Now we need to install the Google Cloud CLI. I am using the Debian/Ubuntu installation instructions located here:

https://cloud.google.com/sdk/docs/install#deb

The specific commands can vary depending on the Linux distro.

First we update the package manager.

sudo apt-get update

Then we install Google Cloud CLI dependencies.

sudo apt-get install apt-transport-https ca-certificates gnupg curl sudo

Then we import the Google Cloud public key.

curl https://packages.cloud.google.com/apt/doc/apt-key.gpg | sudo gpg --dearmor -o /usr/share/keyrings/cloud.google.gpg

Then run this command to add the Google Cloud CLI distribution URI as a package source.

echo "deb [signed-by=/usr/share/keyrings/cloud.google.gpg] https://packages.cloud.google.com/apt cloud-sdk main" | sudo tee -a /etc/apt/sources.list.d/google-cloud-sdk.list

Finally, install the Google Cloud API with this command. This may take several minutes.

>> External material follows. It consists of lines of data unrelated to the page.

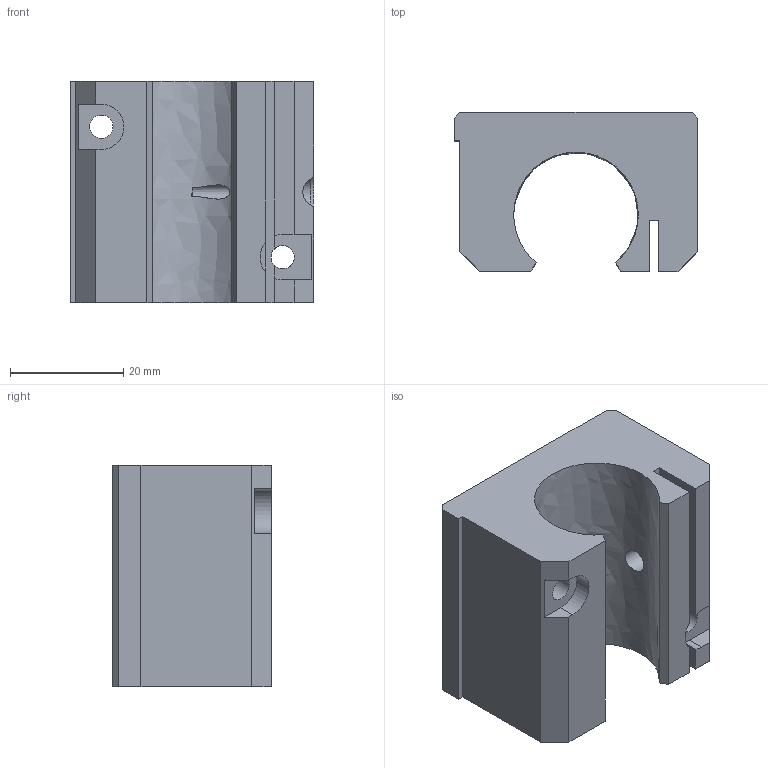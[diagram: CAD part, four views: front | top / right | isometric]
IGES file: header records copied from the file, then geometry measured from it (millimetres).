
Start section: Data from Parasolid IGES Translator 15.0.47, Copyright(c) 2006 Siemens P LM Software. All Rights Reserved.
Global section: file name: AG-OPAJ-12.igs; native system:  By UGS Corp.; preprocessor: XPlus GENERIC/IGES 3.0; author: Noname; organization: Noname; date: 20140710.090143; units: millimetre
Bounding box: 43 x 28 x 39 mm (x, y, z)
Surface area: 10255.7 mm2 (no closed solid volume)
Topology: 0 solids, 0 shells, 50 faces, 284 edges, 272 vertices
Faces by surface type: extrusion 31, revolution 19

sudo apt-get update && sudo apt-get install google-cloud-cli

Initialize Google Cloud CLI
#

Now that the CLI is installed, we initialize it by running this command:

gcloud init

It will say “You need to login to continue.” Hit “Y” for yes, and it should open up a web browser allowing you to log in with your google account. It will then say “Google Cloud SDK wants access to your Google Account.” Click “Allow.”

Back in the CLI, it should say “You are logged in as: [Google_Account_Name].” It should also prompt you to select the cloud project to use. Enter the number that corresponds to the project that was just created. The script should now be ready to run.

Run the Python Script
#

There are several variables that can be changed in this script.

“language” specifies the language to be used. It is set to English by default. Not setting this will cause the API to auto-detect the language, which can cause outputs containing random Cyrillic and Greek words. This is especially true with handwriting, in my experience.

“Directory” specifies the directory containing the images to be processed. This is required or the script will fail.

“DocumentName” specifies the name to be used in the output text document. This is only used in labelling text in the generating the output file.

“page” specifies the page number to start on when labelling the output text.

“output” specifies the name of the generated text file.

This is a very simple script for converting images of text into a text document with the Google Vision API. I made it for my own use in converting handwritten notebooks to searchable text files.